Source information —
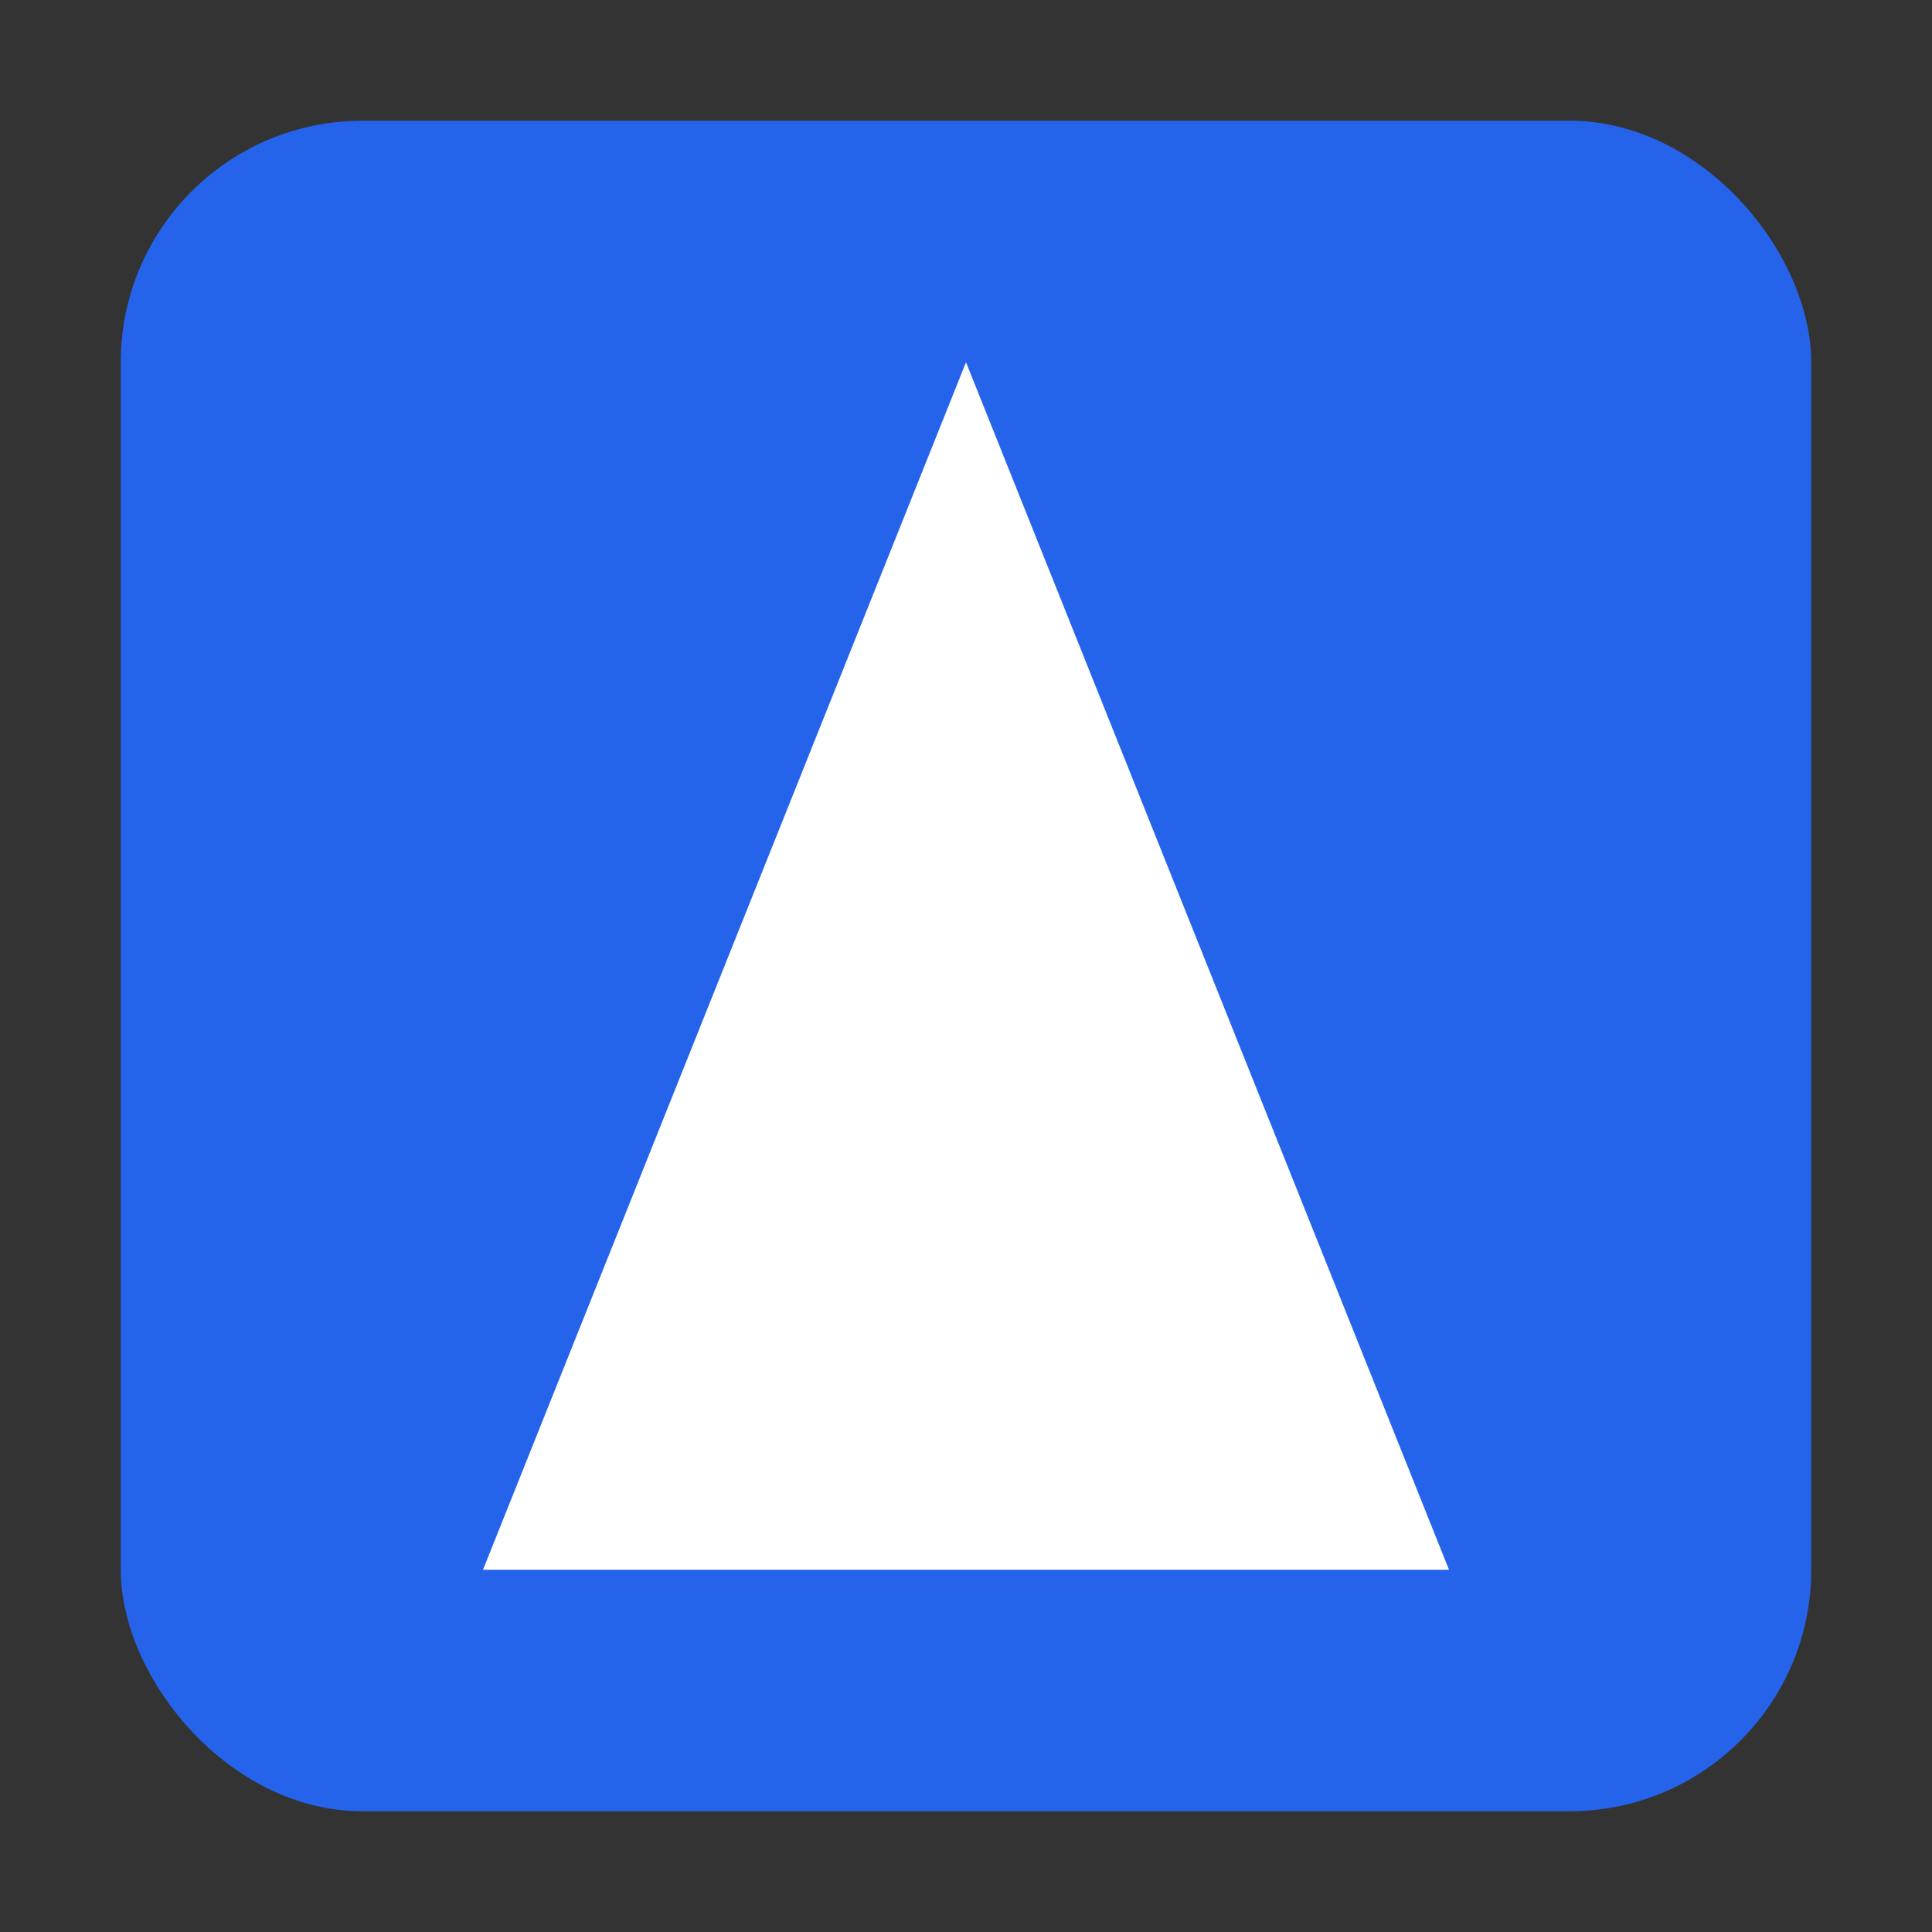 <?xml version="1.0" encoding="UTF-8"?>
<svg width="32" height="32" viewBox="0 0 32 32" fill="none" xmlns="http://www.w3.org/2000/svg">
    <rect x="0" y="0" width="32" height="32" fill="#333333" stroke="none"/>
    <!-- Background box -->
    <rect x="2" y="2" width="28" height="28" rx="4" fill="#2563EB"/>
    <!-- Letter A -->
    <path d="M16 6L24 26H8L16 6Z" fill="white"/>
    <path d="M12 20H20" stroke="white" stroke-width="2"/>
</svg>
---
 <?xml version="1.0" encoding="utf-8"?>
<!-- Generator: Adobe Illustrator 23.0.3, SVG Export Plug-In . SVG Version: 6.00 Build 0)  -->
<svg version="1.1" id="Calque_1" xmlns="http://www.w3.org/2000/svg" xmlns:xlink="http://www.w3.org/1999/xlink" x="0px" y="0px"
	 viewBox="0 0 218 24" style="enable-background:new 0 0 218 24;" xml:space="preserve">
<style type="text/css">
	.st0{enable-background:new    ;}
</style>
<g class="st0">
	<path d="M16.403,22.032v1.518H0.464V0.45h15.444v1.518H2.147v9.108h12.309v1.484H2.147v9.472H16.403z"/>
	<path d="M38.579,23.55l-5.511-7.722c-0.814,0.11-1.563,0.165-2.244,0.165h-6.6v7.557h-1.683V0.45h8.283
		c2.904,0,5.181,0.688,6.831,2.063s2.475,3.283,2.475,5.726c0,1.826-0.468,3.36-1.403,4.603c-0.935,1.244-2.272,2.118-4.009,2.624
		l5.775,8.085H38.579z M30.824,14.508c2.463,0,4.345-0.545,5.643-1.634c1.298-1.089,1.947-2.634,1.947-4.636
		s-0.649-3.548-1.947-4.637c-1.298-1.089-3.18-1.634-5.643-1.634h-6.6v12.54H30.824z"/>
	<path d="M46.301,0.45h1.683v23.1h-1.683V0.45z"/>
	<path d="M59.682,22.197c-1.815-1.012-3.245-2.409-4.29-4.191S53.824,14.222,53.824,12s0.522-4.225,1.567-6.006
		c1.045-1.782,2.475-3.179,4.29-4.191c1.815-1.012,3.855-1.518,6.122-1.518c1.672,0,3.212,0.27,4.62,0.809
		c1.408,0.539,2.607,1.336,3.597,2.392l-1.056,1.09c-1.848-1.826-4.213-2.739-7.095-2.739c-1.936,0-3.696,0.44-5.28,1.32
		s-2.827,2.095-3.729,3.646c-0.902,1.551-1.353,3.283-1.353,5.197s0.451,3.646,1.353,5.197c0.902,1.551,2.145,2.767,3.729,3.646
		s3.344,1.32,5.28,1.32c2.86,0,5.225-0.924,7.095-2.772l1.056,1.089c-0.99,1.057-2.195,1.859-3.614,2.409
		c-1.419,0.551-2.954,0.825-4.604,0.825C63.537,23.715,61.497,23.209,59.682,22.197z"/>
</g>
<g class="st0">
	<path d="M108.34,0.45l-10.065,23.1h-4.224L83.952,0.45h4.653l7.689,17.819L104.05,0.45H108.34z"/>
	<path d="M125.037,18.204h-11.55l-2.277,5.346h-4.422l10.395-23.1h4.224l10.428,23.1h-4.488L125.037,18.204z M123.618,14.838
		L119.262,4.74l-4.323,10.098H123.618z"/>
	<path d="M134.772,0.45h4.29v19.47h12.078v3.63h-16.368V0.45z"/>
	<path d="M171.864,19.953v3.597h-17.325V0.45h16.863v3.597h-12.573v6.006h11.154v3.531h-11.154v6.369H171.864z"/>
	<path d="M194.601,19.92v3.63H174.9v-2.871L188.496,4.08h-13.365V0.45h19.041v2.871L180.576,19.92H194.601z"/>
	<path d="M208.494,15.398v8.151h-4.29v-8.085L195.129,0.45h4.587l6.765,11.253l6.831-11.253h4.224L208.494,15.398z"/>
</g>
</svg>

What the task asks — Look through the listing and return each line containing the word "width".

Solution to this task —
<svg width="32" height="32" viewBox="0 0 32 32" fill="none" xmlns="http://www.w3.org/2000/svg">
    <rect x="0" y="0" width="32" height="32" fill="#333333" stroke="none"/>
    <rect x="2" y="2" width="28" height="28" rx="4" fill="#2563EB"/>
    <path d="M12 20H20" stroke="white" stroke-width="2"/>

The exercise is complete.